MediWound caution you that all statements other than statements of historical fact included in this press release that address activities, events, or developments that we expect, believe or anticipate will or may occur in the future are forward-looking statements.  Although we believe that we have a reasonable basis for the forward-looking statements contained herein, they are based on current expectations about future events affecting us and are subject to risks, assumptions, uncertainties and factors, all of which are difficult to predict and many of which are beyond our control.  Actual results may differ materially from those expressed or implied by the forward-looking statements in this press release.  These statements are often, but are not always, made through the use of words or phrases such as “anticipates,” “intends,” “estimates,” “plans,” “expects,” “continues,” “believe,” “guidance,” “outlook,” “target,” “future,” “potential,” “goals” and similar words or phrases, or future or conditional verbs such as “will,” “would,” “should,” “could,” “may,” or similar expressions.

Specifically, this press release contains forward-looking statements concerning the anticipated progress, development, objectives, expectations, and commercial potential of NexoBrid and EscharEx. Among the factors that may  cause results to be materially different from those stated herein are the inherent uncertainties associated with the timing and conduct of clinical trial and product development activities; the timing or likelihood of regulatory approvals; the ability to successfully develop and commercialize NexoBrid, including its commercial growth potential and the market demand for the product; the availability of funding from BARDA under its agreement with MediWound for use in connection with NexoBrid development activities; the timing of the NexoBrid delivery to BARDA, expected payments under the license agreement with Vericel; competitive developments; whether FDA will accept all or part of the BLA and provide marketing approval for NexoBrid in the United States; the risks related to the timing and conduct of NEXT Study; the ability to successfully develop and commercialize EscharEx, the design of the Phase 2 study, the timing of the interim assessment, the impact of applicable laws and regulations; and the uncertainties associated with the scope, scale and duration of the impact of the COVID-19 pandemic.  For example, we are unable to predict how the pandemic will affect the overall healthcare infrastructure, including the pace with which governmental agencies, such as the FDA, will review and approve regulatory submissions. Additional government-imposed quarantines and requirements to “shelter at home” or other incremental mitigation efforts also may impact our ability to source supplies for our operations or our ability or capacity to manufacture, sell and support the use of NexoBrid in the future.

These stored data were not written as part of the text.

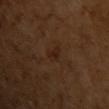Imaged during a routine full-body skin examination; the lesion was not biopsied and no histopathology is available. The lesion is on the chest. The patient is a female approximately 55 years of age. About 3 mm across. A 15 mm crop from a total-body photograph taken for skin-cancer surveillance.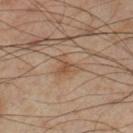follow-up — total-body-photography surveillance lesion; no biopsy
automated lesion analysis — an average lesion color of about L≈51 a*≈18 b*≈31 (CIELAB), roughly 7 lightness units darker than nearby skin, and a normalized border contrast of about 6; a border-irregularity index near 6/10, internal color variation of about 1.5 on a 0–10 scale, and peripheral color asymmetry of about 0.5; a nevus-likeness score of about 5/100 and lesion-presence confidence of about 100/100
lesion size — ≈3 mm
image — ~15 mm crop, total-body skin-cancer survey
patient — male, about 55 years old
site — the left lower leg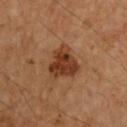A 15 mm crop from a total-body photograph taken for skin-cancer surveillance. The lesion is located on the arm. A male subject aged 53 to 57.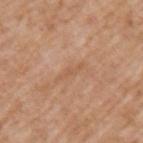Captured during whole-body skin photography for melanoma surveillance; the lesion was not biopsied.
The total-body-photography lesion software estimated a classifier nevus-likeness of about 0/100 and lesion-presence confidence of about 85/100.
Located on the left upper arm.
The tile uses white-light illumination.
The subject is a male aged around 60.
A lesion tile, about 15 mm wide, cut from a 3D total-body photograph.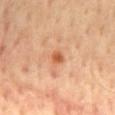Clinical impression: Recorded during total-body skin imaging; not selected for excision or biopsy. Acquisition and patient details: A male patient about 65 years old. A 15 mm crop from a total-body photograph taken for skin-cancer surveillance. Imaged with cross-polarized lighting. The lesion is on the mid back. The lesion's longest dimension is about 1.5 mm.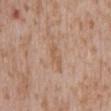Q: Was this lesion biopsied?
A: no biopsy performed (imaged during a skin exam)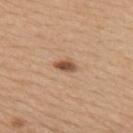Captured during whole-body skin photography for melanoma surveillance; the lesion was not biopsied.
The lesion is on the upper back.
A female subject aged approximately 30.
Imaged with white-light lighting.
A 15 mm close-up tile from a total-body photography series done for melanoma screening.
The lesion's longest dimension is about 2.5 mm.

These and other significant factors are discussed in greater detail in MediWound’s annual report on Form 20-F for the year ended December 31, 2019, filed with the Securities and Exchange Commission (“SEC”) on February 25, 2020, Quarterly Reports on Form 6-K and other filings with the SEC from time-to-time.  These forward-looking statements reflect MediWound’s current views as of the date hereof and MediWound undertakes, and specifically disclaims, any obligation to update any of these forward-looking statements to reflect a change in their respective views or events or circumstances that occur after the date of this release except as required by law.